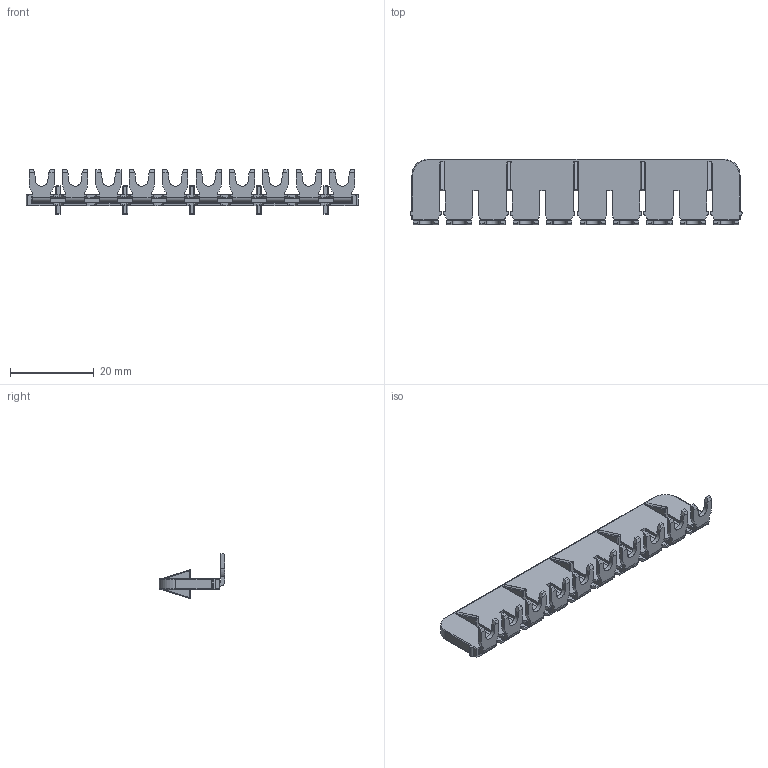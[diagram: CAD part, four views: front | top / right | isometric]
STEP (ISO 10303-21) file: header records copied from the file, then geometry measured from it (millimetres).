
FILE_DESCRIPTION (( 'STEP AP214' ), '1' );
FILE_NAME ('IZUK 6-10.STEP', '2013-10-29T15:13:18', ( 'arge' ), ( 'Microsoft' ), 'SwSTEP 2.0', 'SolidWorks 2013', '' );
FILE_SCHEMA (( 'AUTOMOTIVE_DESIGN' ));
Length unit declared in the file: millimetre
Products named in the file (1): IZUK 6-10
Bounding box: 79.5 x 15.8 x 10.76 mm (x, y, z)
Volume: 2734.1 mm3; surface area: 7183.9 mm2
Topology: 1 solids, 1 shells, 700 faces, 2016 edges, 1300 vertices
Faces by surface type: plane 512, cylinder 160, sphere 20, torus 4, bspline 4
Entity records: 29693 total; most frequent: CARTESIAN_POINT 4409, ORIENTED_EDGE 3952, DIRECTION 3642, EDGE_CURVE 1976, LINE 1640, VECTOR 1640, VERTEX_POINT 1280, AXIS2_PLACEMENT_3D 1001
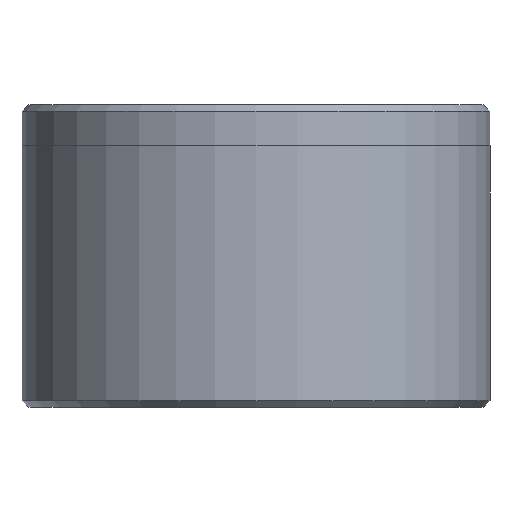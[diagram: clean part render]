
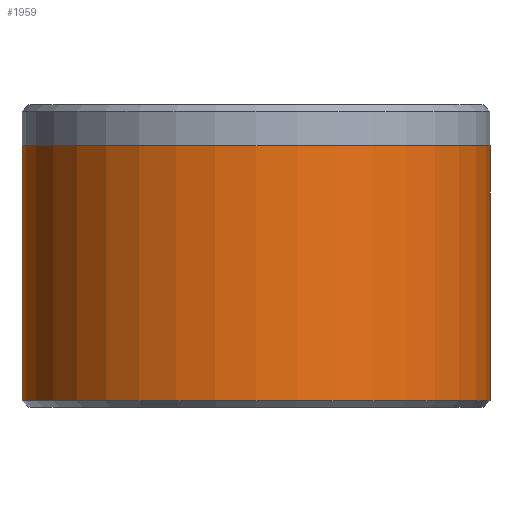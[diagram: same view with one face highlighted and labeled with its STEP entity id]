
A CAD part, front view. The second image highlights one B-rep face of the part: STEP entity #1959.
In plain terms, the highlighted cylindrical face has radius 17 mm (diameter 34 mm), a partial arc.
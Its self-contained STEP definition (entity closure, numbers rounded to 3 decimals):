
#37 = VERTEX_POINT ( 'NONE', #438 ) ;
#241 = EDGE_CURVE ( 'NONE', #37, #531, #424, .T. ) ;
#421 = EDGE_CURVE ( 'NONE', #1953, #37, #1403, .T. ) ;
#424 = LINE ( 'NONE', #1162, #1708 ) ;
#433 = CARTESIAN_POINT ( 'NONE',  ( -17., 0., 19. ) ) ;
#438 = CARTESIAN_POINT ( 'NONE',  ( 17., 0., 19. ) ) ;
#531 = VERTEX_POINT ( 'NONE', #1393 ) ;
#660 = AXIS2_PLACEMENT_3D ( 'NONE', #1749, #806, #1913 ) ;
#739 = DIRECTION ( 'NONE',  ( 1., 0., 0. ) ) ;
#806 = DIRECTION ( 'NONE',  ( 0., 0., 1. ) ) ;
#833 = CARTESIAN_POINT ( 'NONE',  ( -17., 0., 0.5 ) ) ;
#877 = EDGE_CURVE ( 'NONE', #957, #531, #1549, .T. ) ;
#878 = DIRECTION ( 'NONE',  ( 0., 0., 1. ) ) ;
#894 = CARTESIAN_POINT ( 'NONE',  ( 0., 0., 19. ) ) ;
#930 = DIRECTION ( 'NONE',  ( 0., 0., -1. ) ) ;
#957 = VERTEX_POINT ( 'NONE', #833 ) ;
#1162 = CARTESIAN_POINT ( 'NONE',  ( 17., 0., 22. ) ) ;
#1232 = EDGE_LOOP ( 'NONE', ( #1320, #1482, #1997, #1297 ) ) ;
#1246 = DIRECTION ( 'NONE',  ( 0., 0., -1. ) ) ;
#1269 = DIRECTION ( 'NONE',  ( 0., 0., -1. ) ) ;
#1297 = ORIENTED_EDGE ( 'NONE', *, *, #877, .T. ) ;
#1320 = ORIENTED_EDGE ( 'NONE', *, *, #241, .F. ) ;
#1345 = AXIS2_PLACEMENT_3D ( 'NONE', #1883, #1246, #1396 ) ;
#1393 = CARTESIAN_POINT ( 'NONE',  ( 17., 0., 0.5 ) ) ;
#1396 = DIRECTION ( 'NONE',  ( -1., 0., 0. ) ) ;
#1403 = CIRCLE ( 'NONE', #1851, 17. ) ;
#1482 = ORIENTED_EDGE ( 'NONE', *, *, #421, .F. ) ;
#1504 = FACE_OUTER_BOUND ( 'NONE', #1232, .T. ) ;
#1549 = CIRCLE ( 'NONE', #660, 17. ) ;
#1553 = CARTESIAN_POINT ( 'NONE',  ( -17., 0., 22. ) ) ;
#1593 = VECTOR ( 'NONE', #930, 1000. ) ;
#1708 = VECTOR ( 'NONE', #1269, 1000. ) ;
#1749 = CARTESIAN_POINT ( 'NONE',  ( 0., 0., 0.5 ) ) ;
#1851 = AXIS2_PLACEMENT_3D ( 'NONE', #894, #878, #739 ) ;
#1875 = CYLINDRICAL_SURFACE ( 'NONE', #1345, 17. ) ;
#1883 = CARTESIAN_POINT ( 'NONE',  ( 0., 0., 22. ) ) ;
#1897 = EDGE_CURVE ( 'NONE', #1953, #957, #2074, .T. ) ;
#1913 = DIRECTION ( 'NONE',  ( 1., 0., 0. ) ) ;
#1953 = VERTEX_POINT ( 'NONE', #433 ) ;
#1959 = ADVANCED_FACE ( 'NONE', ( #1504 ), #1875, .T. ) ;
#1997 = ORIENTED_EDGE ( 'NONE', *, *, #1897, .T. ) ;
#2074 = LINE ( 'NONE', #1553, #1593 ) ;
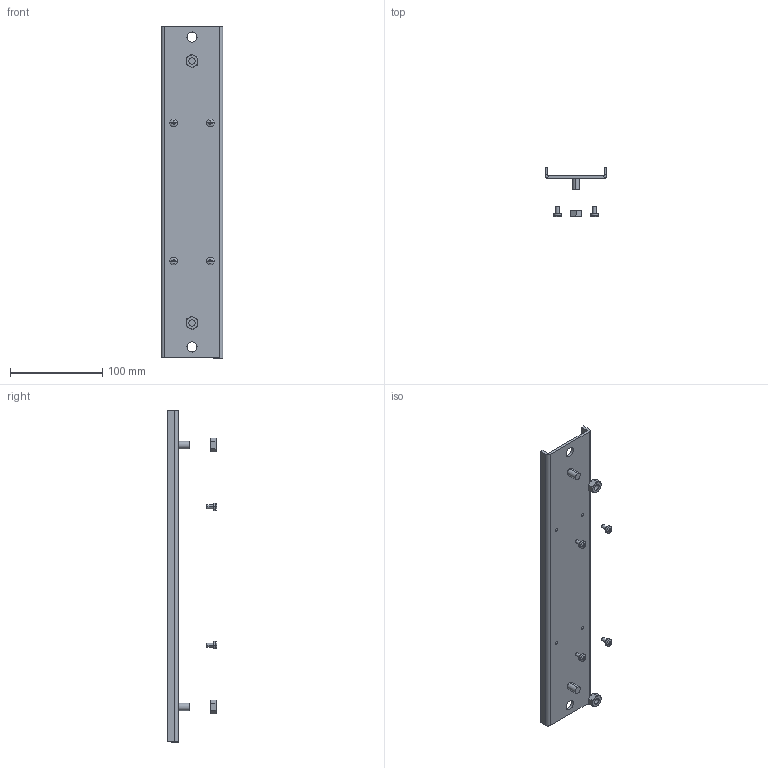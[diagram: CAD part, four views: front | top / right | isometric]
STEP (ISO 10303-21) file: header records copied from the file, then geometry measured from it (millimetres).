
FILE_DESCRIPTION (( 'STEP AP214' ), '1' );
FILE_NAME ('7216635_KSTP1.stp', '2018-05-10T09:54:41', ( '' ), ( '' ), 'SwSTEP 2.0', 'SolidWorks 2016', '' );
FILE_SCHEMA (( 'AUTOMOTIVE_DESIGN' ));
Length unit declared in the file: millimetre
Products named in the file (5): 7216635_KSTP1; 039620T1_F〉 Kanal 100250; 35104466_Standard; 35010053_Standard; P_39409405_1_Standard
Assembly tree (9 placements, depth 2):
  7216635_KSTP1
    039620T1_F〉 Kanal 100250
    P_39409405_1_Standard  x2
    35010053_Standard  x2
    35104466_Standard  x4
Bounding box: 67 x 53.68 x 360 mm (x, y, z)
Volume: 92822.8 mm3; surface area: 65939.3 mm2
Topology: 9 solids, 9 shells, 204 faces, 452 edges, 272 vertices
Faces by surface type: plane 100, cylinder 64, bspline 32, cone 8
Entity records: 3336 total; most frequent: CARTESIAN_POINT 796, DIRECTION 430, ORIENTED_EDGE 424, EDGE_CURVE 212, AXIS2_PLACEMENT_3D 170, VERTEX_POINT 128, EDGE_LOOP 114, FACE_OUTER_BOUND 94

◆ ◆ ◆ ◆

## [Activity]
Your answer must be the lines above from the one containing "A CAD part, front" to the one containing "In plain terms, the", both included, restated word for word.

## [Answer space]
A CAD part, front view. The second image highlights one B-rep face of the part: STEP entity #1959.
In plain terms, the highlighted cylindrical face has radius 17 mm (diameter 34 mm), a partial arc.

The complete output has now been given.